One paper been accepted by IEEE TNNLS
Title: Hypergraph Foundation Model for Brain Disease Diagnosis
The goal of the hypergraph foundation model is to learn an encoder based on the hypergraph computation paradigm through self-supervised pre-training on high-order correlation structures, enabling the encoder to rapidly adapt to various downstream tasks in scenarios where no labeled data or only a small amount of labeled data is available. Initial exploratory work has been applied to brain disease diagnosis tasks. However, existing methods primarily rely on graph-based approaches to learn low-order correlation patterns between brain regions in brain networks, neglecting the modeling and learning of complex correlations between different brain diseases and patients.

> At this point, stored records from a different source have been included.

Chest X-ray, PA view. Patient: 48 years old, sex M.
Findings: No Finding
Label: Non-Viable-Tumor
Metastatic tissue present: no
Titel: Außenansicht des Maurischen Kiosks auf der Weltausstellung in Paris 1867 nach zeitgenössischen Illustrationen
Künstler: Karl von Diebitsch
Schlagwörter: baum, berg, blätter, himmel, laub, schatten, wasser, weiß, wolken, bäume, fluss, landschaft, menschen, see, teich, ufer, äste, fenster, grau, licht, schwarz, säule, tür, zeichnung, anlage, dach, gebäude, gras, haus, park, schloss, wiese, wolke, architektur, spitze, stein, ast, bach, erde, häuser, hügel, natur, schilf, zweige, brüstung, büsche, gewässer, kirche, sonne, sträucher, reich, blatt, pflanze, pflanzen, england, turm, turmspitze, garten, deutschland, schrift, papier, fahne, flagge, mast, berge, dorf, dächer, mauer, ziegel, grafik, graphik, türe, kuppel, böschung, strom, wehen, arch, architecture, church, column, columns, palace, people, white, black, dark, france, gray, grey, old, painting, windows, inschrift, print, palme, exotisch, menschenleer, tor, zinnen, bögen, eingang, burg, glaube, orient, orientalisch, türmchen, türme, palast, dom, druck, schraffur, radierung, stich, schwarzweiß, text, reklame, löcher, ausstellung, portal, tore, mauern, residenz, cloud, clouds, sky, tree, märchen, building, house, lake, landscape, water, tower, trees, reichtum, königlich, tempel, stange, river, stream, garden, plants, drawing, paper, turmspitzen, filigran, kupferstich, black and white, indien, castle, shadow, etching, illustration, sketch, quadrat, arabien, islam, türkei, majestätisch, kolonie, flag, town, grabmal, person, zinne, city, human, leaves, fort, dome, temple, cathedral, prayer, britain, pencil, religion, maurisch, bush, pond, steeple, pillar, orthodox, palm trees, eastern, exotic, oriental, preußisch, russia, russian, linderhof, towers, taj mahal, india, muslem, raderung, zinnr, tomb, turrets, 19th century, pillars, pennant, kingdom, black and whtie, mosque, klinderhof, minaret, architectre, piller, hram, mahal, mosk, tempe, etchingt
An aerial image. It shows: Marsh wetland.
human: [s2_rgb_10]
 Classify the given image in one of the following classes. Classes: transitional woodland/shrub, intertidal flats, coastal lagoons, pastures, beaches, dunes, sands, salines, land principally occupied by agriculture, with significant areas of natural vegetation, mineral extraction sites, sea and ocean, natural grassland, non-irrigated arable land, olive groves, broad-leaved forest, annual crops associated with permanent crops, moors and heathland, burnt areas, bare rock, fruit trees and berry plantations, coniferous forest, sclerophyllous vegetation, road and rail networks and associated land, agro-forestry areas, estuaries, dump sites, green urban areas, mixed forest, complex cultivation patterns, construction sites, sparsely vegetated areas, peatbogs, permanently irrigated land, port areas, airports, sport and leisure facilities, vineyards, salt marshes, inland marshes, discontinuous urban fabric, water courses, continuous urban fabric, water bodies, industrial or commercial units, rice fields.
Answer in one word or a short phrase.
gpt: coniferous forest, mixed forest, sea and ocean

This paper proposes a hypergraph foundation model (HGFM) for brain disease diagnosis, which conducts multi-dimensional pre-training tasks to explore latent cross-dimensional high-order correlation patterns on various brain disease datasets. HGFM is a high-order correlation-driven foundation model for brain disease diagnosis and effectively improves prediction performance. Specifically, HGFM first performs brain functional network link prediction tasks on individual brain networks and group interaction network link prediction tasks on group brain networks, constructing a hypergraph foundation model for brain disease diagnosis. In downstream tasks, it achieves predictions for different brain disease diagnosis tasks through few-shot learning fine-tuning methods.

The proposed method is evaluated on functional magnetic resonance imaging data from 4,409 patients across four brain diseases. Results show that it outperforms existing state-of-the-art methods in all brain disease diagnosis tasks, demonstrating its potential value in clinical applications.